Rearrange some features
Another idea is to randomize all the values of certain features to judge performance. This way the features still work, but scramble the values to see if it affects the model. In this way you can really see the importance of some features.
However, the author puts forward some points that need to be paid attention to: first, the observed features need to be independent of other features, which is often difficult to achieve; Secondly, due to the disruption of eigenvalues, the final results of the model may be affected (for example, some feature combinations that do not exist in real life are constructed), thus misleading our direction.
#### Characteristic analysis of the results
The idea here is to use the results on the test set to sort the results and analyze the feature distribution of the head and tail, so that the model can know how to apply these features in different value ranges.

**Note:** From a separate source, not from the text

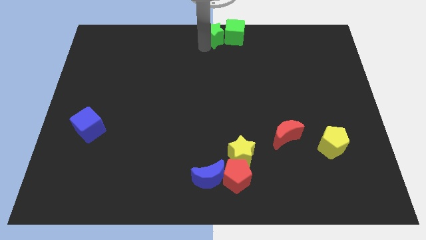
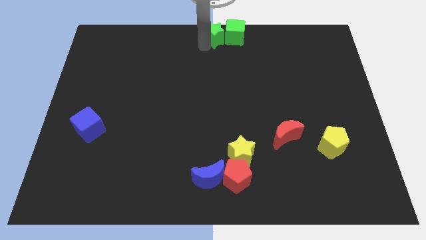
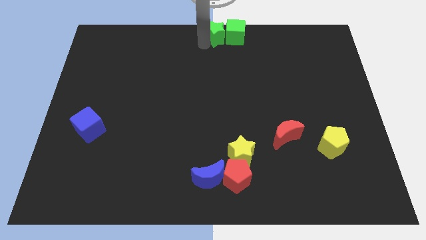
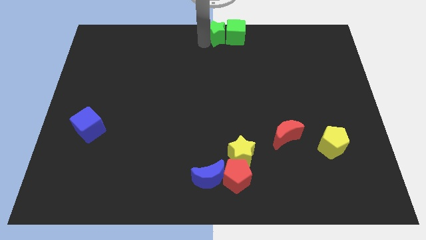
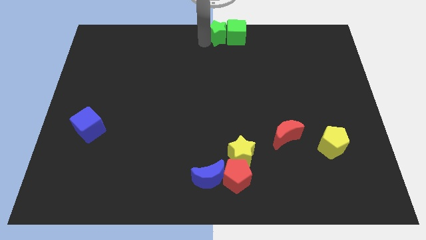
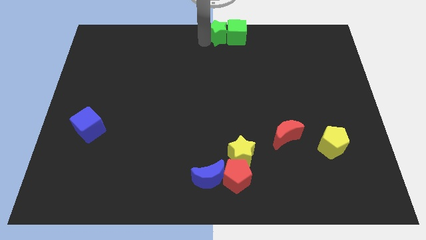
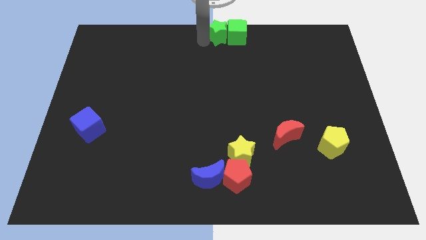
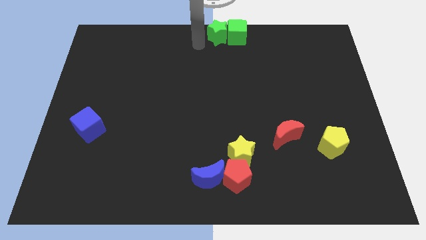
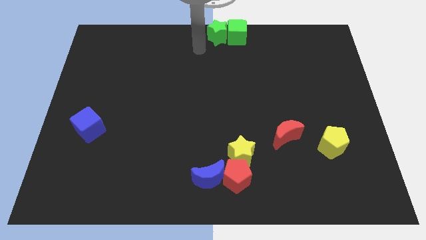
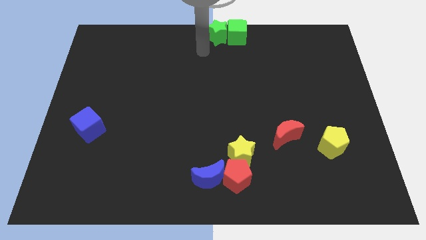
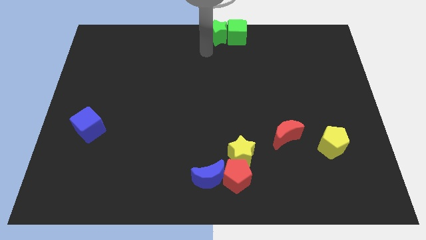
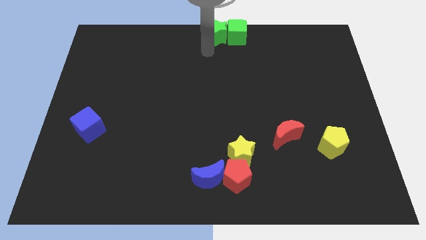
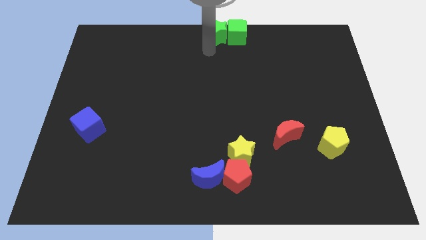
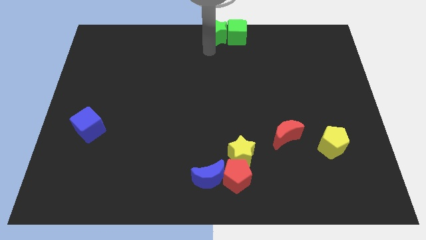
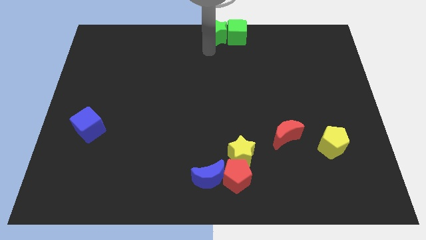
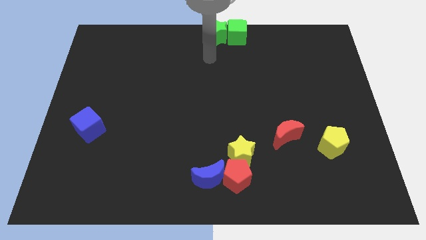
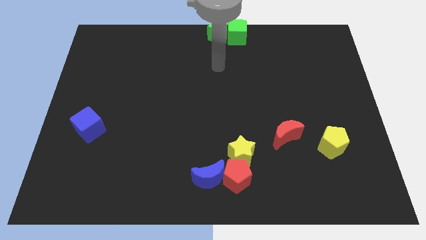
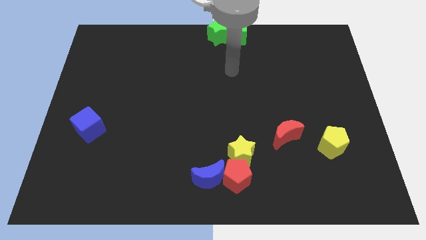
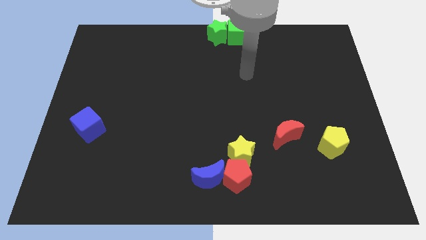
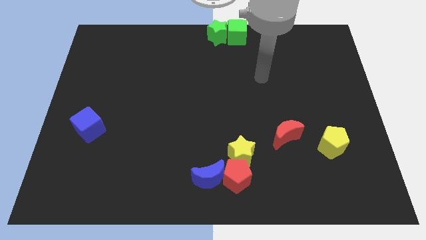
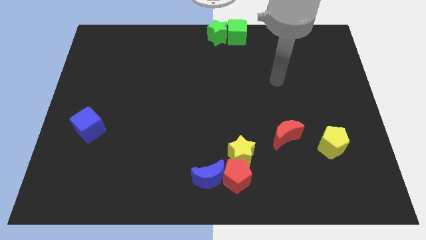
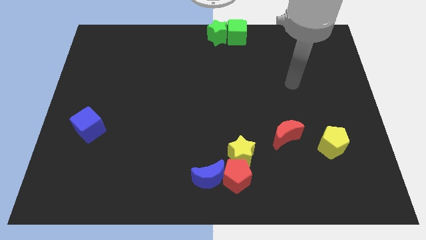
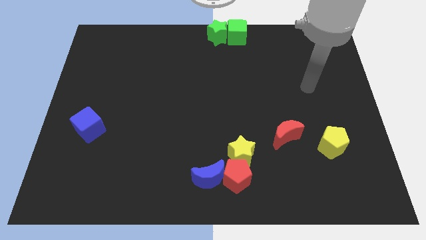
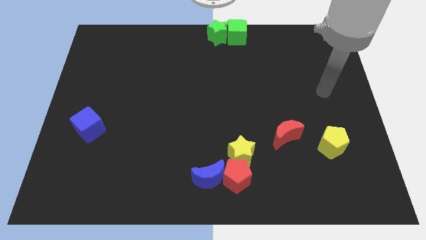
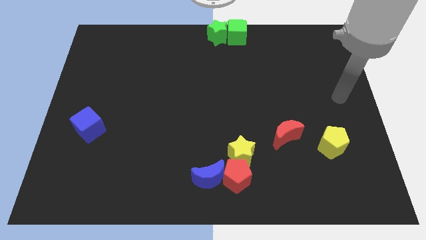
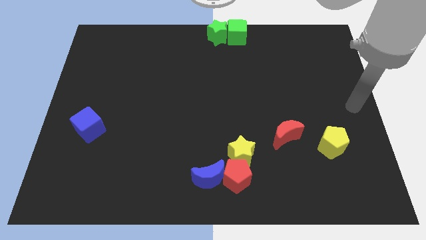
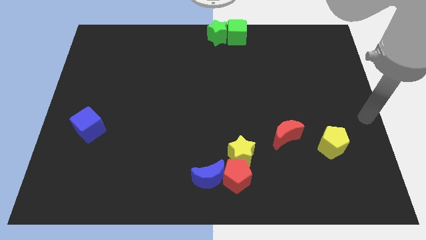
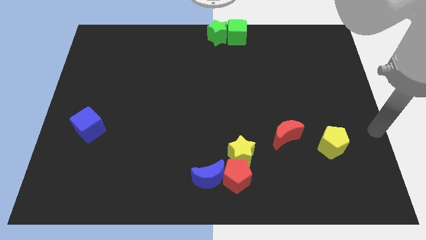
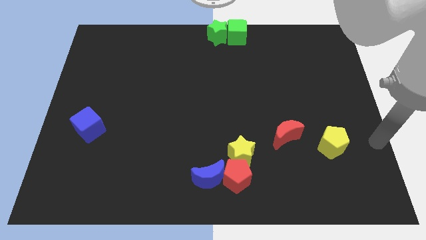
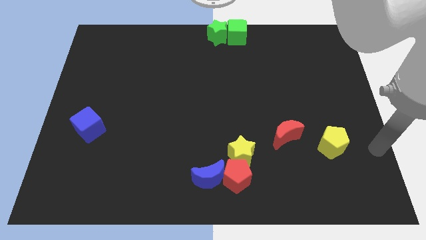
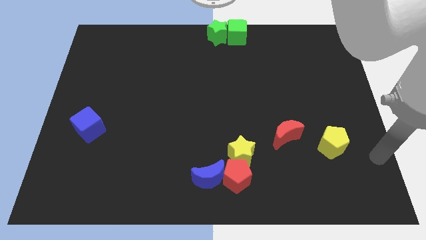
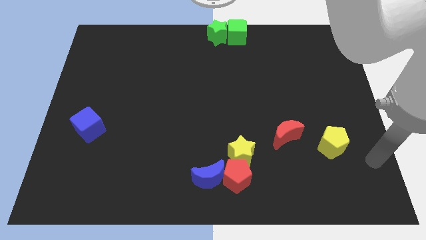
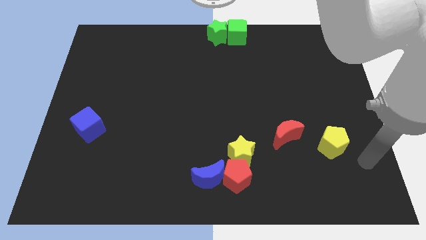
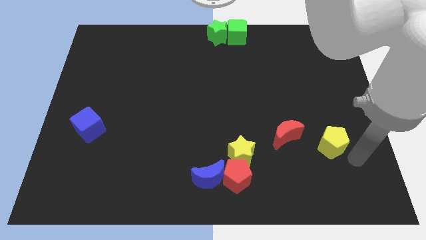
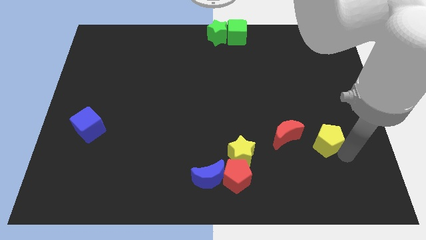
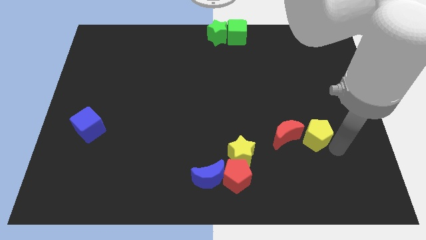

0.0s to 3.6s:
move your arm towards the yellow pentagon

With price taken into account, head and tail results have a different distribution of price, but without the characteristics of browsing length, the distribution is close. This is also a way to analyze the importance of features.
conclusion
As stated at the end of the article, they felt they were just beginning to apply deep learning to search.
Switching a business from non-deep learning mode to neural network is not a matter of feeding it directly into the model. It requires steady and steady work in the early stage. When the whole pipeline is completed, data, feature engineering, system engineering and so on are complete, it is the time for you to start exploring the model.

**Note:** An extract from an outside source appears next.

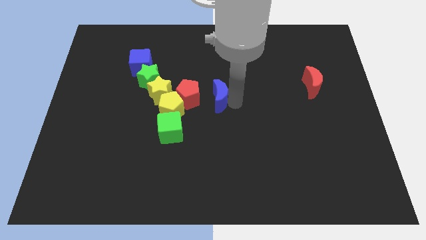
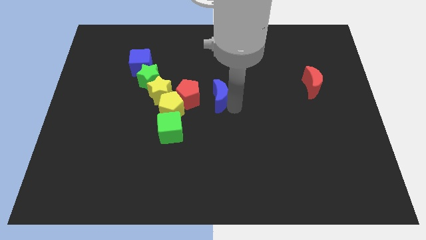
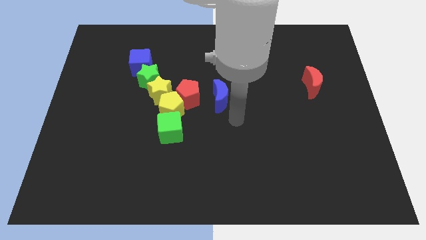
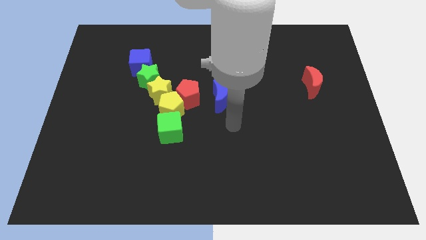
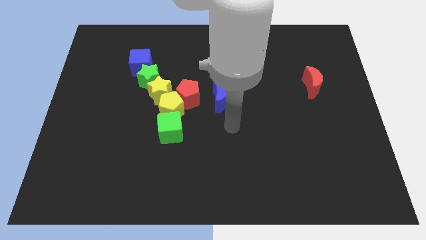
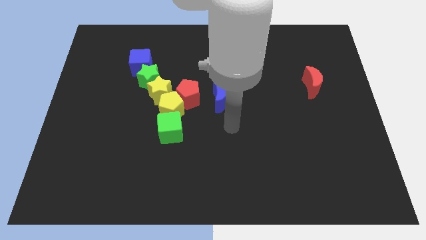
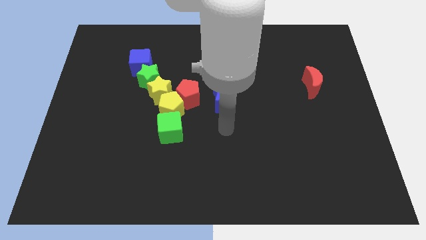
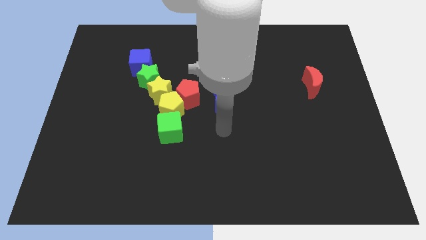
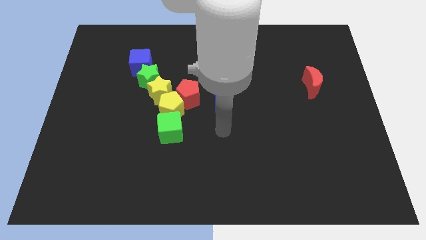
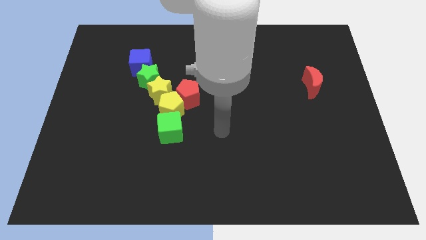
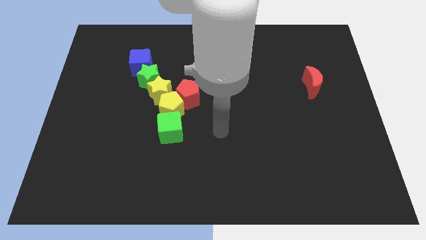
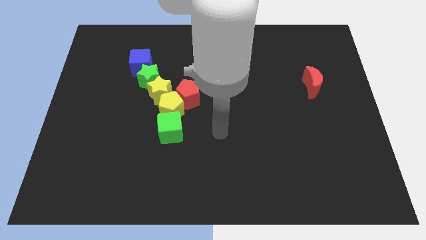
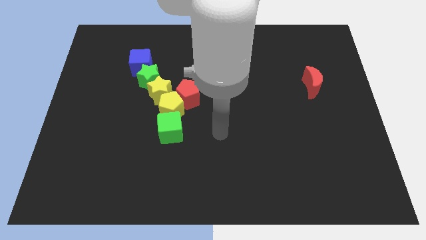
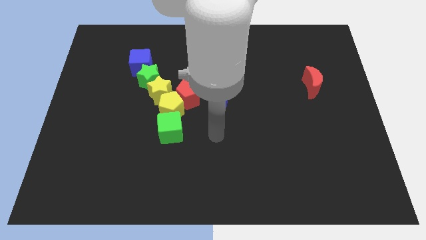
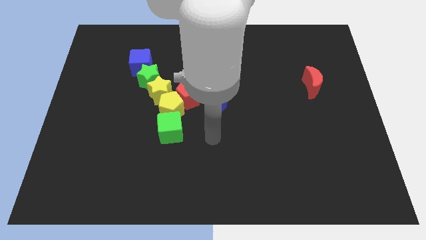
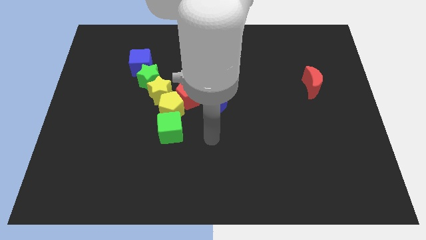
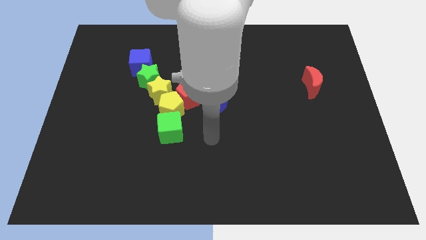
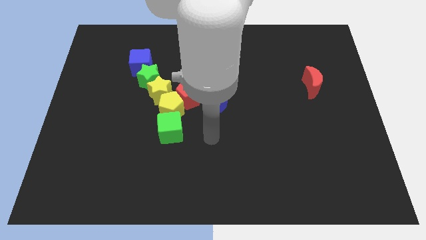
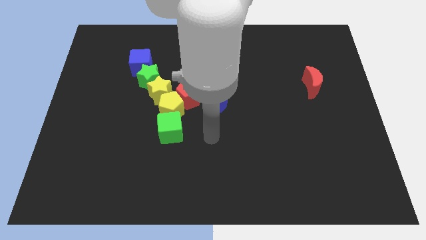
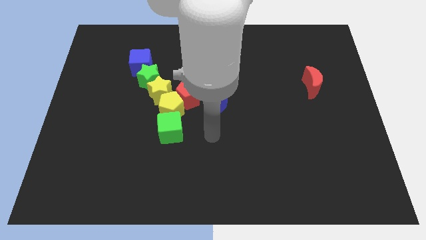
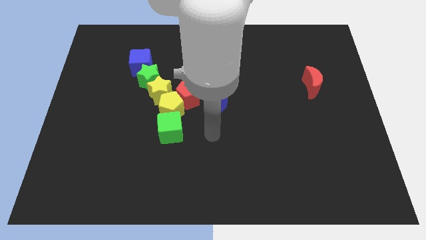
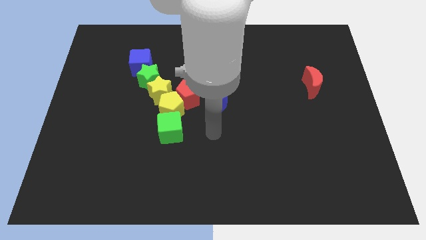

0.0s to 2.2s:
move your arm and point below the blue crescent

This process of exploration, in essence, tests your familiarity and understanding of the business.
I myself am also migrating a search project recently, preparing to open up its entire NN link, this article brings me a lot of inspiration. But the most important core, in fact, is the understanding of the business, you can see that many of the above content can be explained from the perspective of airbnb’s own business.
I will continue to share some other search and recommended articles, welcome to come to me to discuss learning.